##### Extracted records #####

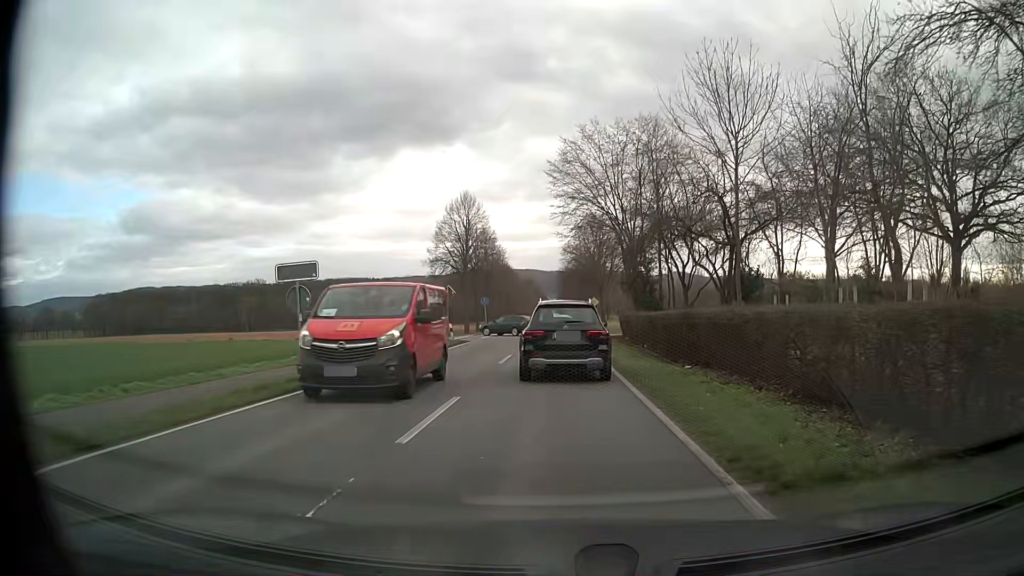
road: tertiary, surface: asphalt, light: Day
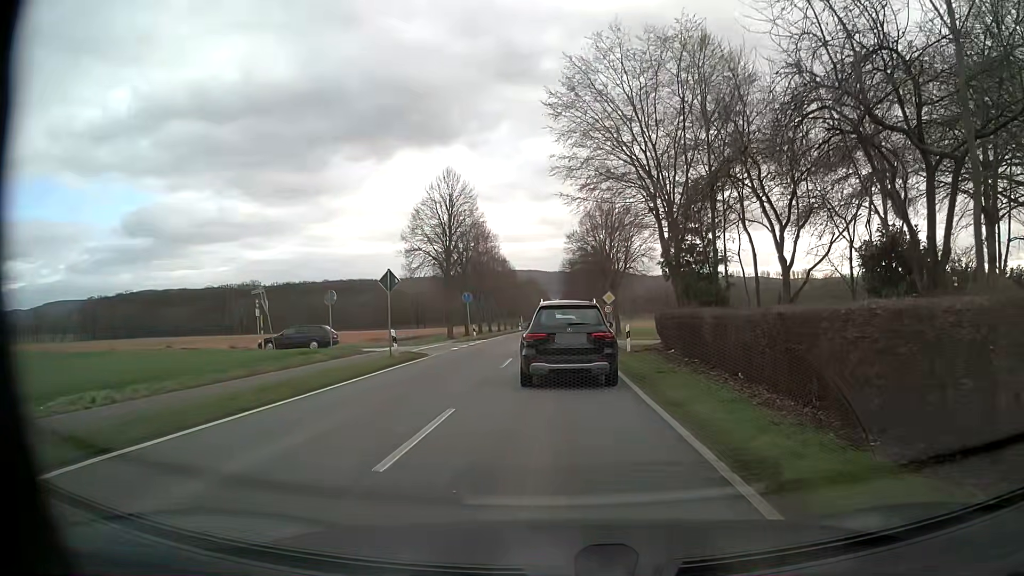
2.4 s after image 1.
(0.0, +13.3) m; 0°
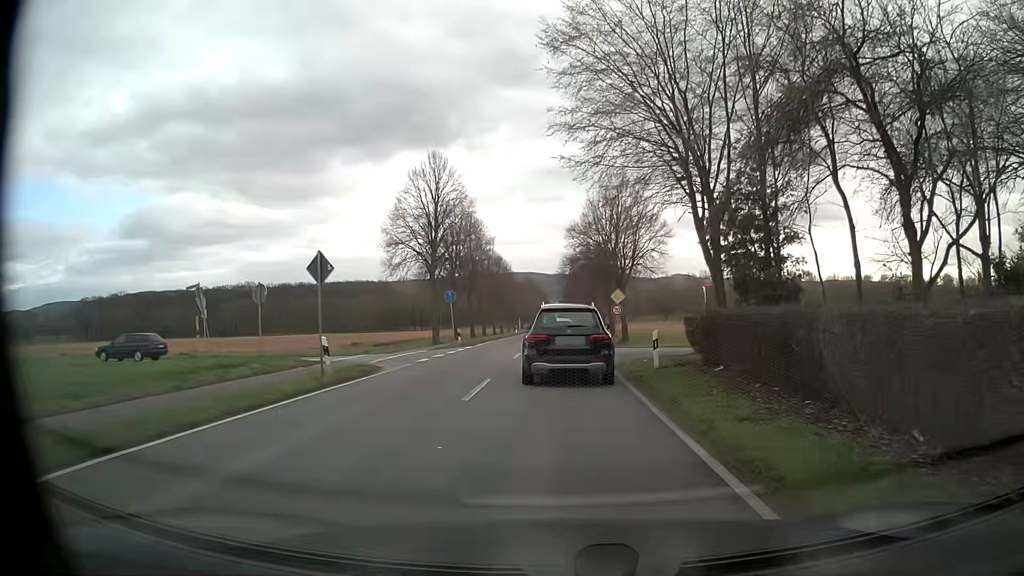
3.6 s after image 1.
(0.0, +6.9) m; +1°
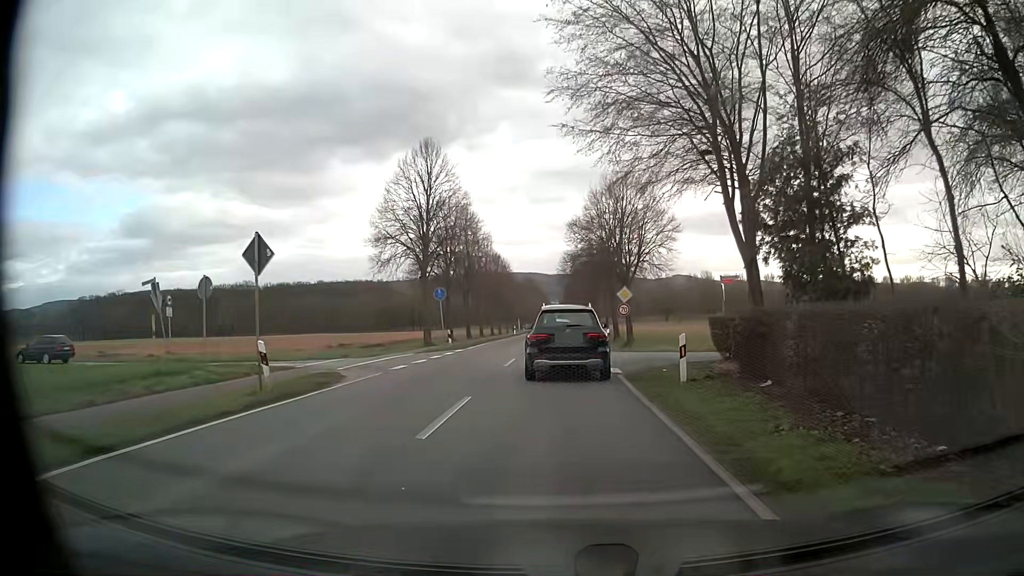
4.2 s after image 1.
(-0.1, +3.7) m; -2°
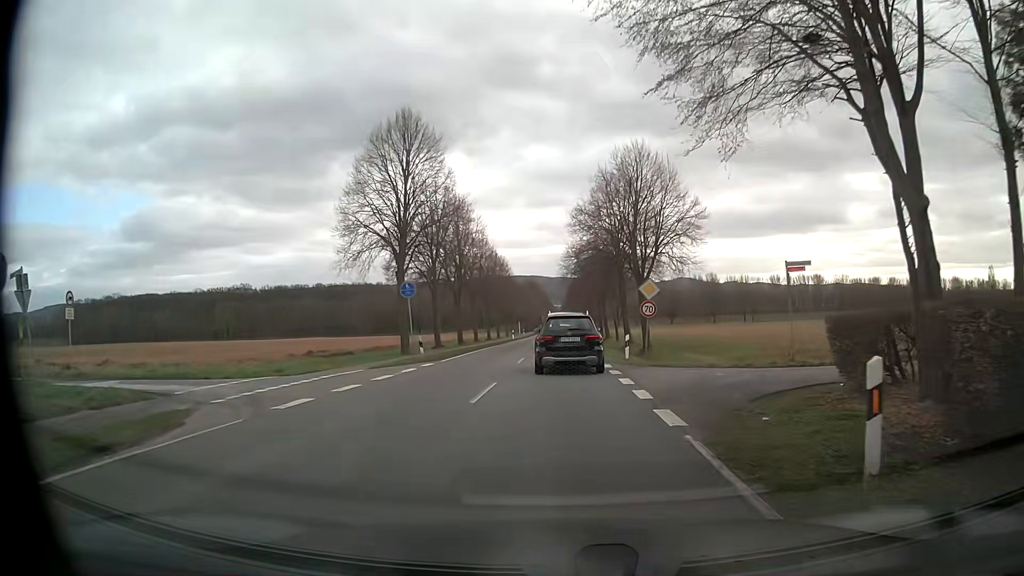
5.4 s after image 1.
(+0.1, +8.3) m; +1°
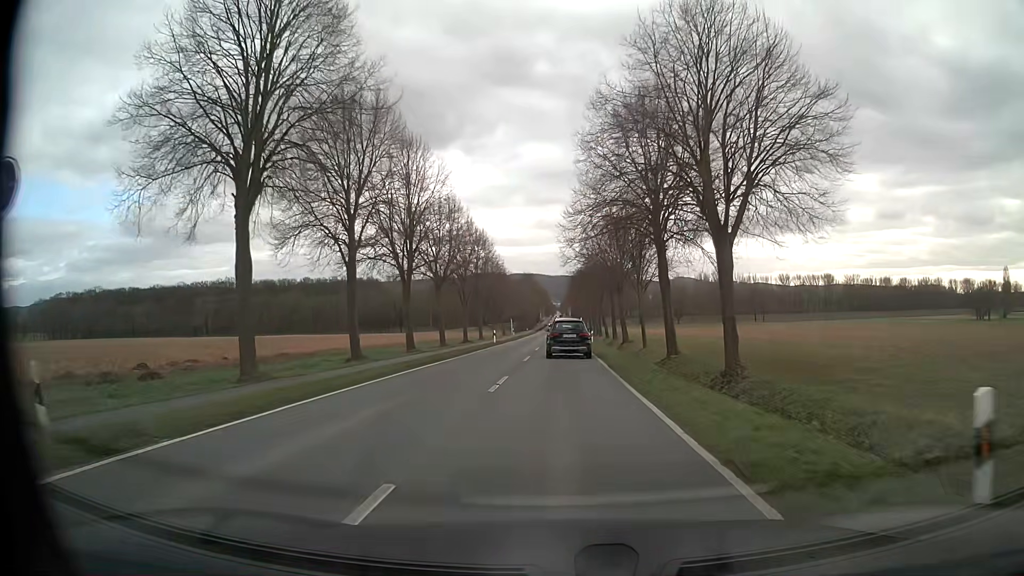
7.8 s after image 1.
(0.0, +22.4) m; 0°
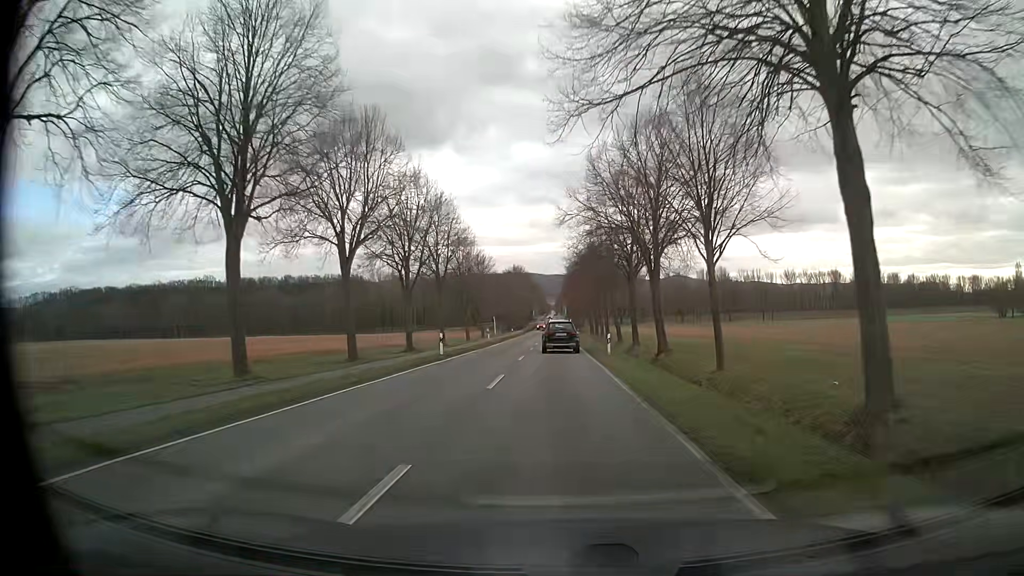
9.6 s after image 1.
(+0.1, +23.8) m; 0°
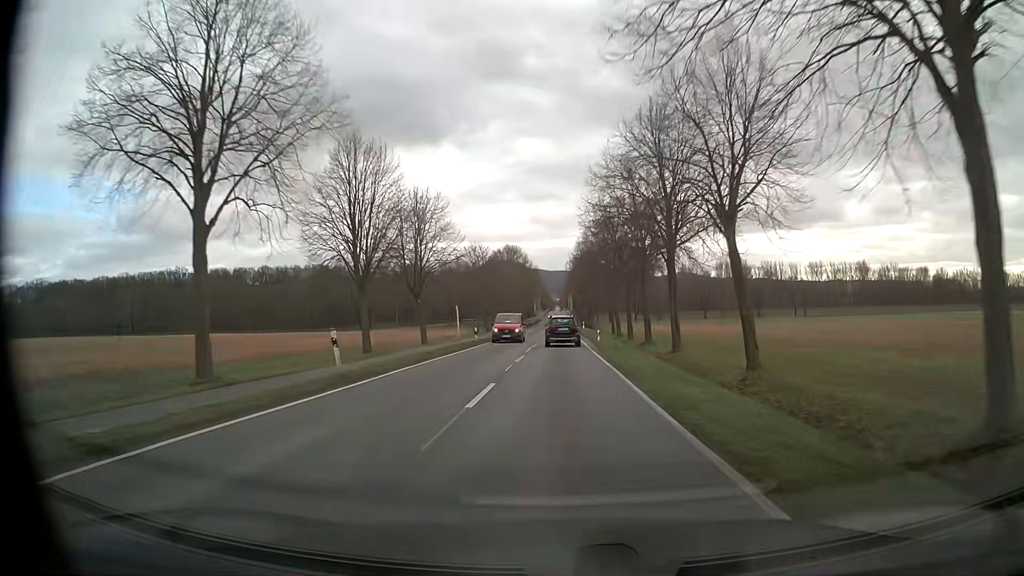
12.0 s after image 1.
(-0.1, +40.5) m; -1°
(0, +10) (0, +20) (0, +30) (0, +40) (0, +50) (+1, +60) (+1, +70) (+1, +80) (+1, +90) (+1, +100) m

#####

▶ _Exercise_
Restate each line of the records exactly; pictures do not belong in the copy.

▶ _Response_
road: tertiary, surface: asphalt, light: Day
2.4 s after image 1.
(0.0, +13.3) m; 0°
3.6 s after image 1.
(0.0, +6.9) m; +1°
4.2 s after image 1.
(-0.1, +3.7) m; -2°
5.4 s after image 1.
(+0.1, +8.3) m; +1°
7.8 s after image 1.
(0.0, +22.4) m; 0°
9.6 s after image 1.
(+0.1, +23.8) m; 0°
12.0 s after image 1.
(-0.1, +40.5) m; -1°
(0, +10) (0, +20) (0, +30) (0, +40) (0, +50) (+1, +60) (+1, +70) (+1, +80) (+1, +90) (+1, +100) m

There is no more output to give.